La faune des plateaux
Amateurs de théâtre
La tournée Espéron avait pris le train à la gare Saint-Lazare pour faire apprécier aux riverains des stations de la Manche un vaudeville un peu usé à Paris.
Deux compagnons bénévoles s’étaient joints à la troupe et profitaient des réductions de tarif accordées à l’impresario. C’étaient Jacques Bouzin, camarade sérieux de Mado Madolon, et Philippe Cru, qui s’intéressait à la jeune Pomonard.
Jacques et Philippe étaient des quinquagénaires bien confirmés, réparés avec soin, mis à neuf et repeints.

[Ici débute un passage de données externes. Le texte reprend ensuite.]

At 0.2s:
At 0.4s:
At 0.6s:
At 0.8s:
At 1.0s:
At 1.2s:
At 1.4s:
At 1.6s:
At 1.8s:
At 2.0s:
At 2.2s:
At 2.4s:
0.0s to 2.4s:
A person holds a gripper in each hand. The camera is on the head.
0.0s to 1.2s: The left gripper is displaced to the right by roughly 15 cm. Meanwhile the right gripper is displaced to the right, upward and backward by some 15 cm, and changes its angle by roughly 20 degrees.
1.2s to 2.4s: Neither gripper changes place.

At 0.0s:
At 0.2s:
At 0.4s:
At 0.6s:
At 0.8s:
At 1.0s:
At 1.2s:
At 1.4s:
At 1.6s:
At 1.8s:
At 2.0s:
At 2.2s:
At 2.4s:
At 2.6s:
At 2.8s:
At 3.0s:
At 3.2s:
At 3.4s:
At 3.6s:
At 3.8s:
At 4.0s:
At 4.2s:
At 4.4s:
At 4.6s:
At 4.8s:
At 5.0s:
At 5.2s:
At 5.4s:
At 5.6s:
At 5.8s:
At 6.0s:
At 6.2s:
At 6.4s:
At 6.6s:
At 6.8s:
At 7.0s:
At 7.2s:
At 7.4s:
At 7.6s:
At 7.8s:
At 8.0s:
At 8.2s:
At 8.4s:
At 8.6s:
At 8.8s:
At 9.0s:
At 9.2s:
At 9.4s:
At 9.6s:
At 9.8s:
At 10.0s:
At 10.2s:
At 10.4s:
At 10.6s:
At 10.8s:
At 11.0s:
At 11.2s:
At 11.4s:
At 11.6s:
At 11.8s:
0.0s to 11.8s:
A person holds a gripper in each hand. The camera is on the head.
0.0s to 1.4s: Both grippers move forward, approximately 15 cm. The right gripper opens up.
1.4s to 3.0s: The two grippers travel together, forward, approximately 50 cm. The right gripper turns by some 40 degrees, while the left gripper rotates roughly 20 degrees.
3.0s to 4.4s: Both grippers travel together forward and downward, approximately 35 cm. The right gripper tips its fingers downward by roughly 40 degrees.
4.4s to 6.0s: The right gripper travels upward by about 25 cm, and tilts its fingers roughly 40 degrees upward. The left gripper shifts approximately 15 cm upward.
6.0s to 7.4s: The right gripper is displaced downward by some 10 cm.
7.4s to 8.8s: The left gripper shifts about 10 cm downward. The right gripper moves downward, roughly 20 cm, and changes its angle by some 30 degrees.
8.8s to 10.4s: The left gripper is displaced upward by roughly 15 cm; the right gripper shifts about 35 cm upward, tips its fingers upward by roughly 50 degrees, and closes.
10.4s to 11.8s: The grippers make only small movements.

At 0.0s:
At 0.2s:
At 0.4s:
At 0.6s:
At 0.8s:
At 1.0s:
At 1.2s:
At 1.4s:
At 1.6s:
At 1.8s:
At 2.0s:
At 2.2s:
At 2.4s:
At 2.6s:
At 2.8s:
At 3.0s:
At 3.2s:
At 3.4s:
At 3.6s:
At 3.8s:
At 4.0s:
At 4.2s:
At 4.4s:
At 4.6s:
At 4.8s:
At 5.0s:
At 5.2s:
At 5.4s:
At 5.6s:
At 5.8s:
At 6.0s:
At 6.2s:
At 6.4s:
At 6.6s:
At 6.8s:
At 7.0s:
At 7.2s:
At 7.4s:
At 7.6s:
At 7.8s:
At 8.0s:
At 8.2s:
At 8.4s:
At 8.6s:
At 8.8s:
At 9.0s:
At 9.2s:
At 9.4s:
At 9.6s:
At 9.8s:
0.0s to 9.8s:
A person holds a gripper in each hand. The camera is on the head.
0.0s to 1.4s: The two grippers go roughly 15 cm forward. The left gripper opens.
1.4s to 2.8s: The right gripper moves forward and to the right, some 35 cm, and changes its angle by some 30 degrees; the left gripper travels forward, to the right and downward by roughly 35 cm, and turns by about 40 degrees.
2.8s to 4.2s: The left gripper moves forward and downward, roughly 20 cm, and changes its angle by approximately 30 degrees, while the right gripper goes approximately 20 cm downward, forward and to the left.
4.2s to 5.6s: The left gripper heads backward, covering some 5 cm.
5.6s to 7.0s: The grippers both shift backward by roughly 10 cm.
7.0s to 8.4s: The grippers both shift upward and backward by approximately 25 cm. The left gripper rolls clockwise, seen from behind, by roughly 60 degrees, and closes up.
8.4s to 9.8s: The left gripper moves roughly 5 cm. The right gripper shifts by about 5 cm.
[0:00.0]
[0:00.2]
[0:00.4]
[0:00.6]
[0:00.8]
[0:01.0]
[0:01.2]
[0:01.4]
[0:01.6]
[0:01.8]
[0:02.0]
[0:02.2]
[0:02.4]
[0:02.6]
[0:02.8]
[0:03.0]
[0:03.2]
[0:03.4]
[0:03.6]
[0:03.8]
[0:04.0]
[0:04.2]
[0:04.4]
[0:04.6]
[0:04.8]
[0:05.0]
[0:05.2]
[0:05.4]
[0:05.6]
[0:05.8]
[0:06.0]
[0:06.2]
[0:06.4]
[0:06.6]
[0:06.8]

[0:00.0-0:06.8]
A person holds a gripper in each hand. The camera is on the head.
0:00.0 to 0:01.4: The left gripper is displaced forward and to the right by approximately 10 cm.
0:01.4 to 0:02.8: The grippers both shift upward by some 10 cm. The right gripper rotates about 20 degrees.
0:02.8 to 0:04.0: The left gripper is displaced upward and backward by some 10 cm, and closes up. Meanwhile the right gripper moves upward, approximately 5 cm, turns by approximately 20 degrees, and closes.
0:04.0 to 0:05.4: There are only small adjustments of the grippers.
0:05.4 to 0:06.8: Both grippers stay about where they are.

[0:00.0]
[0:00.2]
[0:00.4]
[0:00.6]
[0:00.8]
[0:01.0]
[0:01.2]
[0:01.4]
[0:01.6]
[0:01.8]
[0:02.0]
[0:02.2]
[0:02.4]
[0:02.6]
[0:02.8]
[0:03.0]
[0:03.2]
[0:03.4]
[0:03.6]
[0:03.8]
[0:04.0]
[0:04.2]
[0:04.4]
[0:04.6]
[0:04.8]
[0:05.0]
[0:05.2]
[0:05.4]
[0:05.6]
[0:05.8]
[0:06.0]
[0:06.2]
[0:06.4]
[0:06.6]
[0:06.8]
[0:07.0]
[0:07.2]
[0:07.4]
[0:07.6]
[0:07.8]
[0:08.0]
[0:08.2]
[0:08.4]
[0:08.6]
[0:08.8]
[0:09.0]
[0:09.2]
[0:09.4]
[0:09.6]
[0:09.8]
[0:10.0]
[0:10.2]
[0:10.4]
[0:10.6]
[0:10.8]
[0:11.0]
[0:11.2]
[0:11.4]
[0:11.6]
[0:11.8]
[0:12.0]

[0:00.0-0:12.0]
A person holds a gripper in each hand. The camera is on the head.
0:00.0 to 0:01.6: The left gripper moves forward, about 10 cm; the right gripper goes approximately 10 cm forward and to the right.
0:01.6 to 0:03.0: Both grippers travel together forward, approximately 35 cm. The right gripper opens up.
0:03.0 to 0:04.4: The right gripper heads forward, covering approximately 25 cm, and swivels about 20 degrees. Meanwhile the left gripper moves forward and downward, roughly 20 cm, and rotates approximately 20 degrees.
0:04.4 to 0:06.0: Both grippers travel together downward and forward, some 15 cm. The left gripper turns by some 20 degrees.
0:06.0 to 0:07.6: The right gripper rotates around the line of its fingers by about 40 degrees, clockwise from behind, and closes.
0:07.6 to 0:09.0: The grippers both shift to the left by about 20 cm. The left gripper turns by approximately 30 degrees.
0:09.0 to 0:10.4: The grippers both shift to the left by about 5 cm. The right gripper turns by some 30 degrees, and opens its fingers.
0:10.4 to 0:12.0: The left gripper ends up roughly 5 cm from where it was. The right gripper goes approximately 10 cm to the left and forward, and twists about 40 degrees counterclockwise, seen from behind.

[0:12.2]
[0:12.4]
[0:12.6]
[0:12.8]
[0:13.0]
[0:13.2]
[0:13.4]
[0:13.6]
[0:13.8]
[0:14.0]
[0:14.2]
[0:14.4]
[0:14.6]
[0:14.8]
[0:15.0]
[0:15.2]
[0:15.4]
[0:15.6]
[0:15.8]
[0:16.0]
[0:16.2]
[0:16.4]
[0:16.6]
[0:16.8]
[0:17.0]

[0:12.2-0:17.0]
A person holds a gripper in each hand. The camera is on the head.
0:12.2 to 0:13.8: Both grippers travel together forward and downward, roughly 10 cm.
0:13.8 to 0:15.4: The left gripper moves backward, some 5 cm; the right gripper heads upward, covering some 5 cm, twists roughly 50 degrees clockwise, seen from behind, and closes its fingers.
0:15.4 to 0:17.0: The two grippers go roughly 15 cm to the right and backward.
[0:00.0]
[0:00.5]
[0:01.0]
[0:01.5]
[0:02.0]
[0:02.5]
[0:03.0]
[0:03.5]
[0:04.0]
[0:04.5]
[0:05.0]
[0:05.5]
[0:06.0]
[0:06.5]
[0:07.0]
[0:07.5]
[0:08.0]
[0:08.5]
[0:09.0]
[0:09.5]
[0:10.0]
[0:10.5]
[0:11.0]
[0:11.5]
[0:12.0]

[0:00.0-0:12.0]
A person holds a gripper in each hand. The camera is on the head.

Mado Madolon avait joué plusieurs rôles de commère au music-hall. Cet emploi exige surtout de la beauté, aujourd’hui que les commérages de la commère sont réduits à leur plus simple expression. Il s’agit surtout, au moment où défilent les pierres précieuses ou les fourrures, de lancer au public des indications succinctes, d’une voix nette, sans passion.
Pomonard était la fille d’une femme de ménage, qui l’avait amenée avec elle un jour qu’elle travaillait en extra chez M. Cru. M. Cru avait reconnu tout de suite chez cette petite des dons sérieux pour le théâtre. Il l’avait fait engager par un de ses commandités, à d’honorables appointements qu’il avait élevés, sur sa propre cassette, à un chiffre moins honorable.
Pendant les représentations, Cru et Bouzin, qui connaissaient suffisamment la pièce, attendaient la fin du spectacle dans le hall du casino.
— De gentilles petites, dit Bouzin.
— Oui, dit Philippe, elles ont pour nous de la gratitude, et savent ne pas trop nous la montrer.
— Croyez-vous qu’elles nous voient aussi âgés que nous sommes ?
— J’en ai peur, dit M. Cru.
Un silence…
— Sommes-nous si vieux que cela ? dit M. Bouzin.
— Ça dépend de l’emploi qu’on nous donne. Pour figurer dans des conseils d’administration, nous avons l’âge qu’il faut, la « bouteille » nécessaire, une vigueur d’esprit encore appréciable. Mais pour d’autres ébats…
— La foi vous manque, dit M. Bouzin.
— Oui, dit M. Cru. Je me dis trop que, la petite et moi, on n’est pas très bien assortis. Ça me gêne. Quand je sors avec elle, je n’ai pas la satisfaction esthétique de former un groupe harmonieux.
— Ah ! si l’on pouvait rajeunir ! dit Jacques. Voyez-vous qu’un magicien surgisse, et qu’il exauce un vœu à notre choix ? Mon souhait à moi serait d’apparaître aux yeux de Mado avec l’âge d’un garçon de trente ans…
— Moi, dit Philippe songeur, je souhaite autre chose. Je voudrais croire moi-même que j’ai trente ans…
— Vous avez peut-être raison, dit, après réflexion, M. Bouzin.
Il y avait devant eux, dans une glace vraiment mal placée, deux messieurs qui leur ressemblaient d’une façon frappante, en plus vieux. Ils allèrent s’asseoir ailleurs.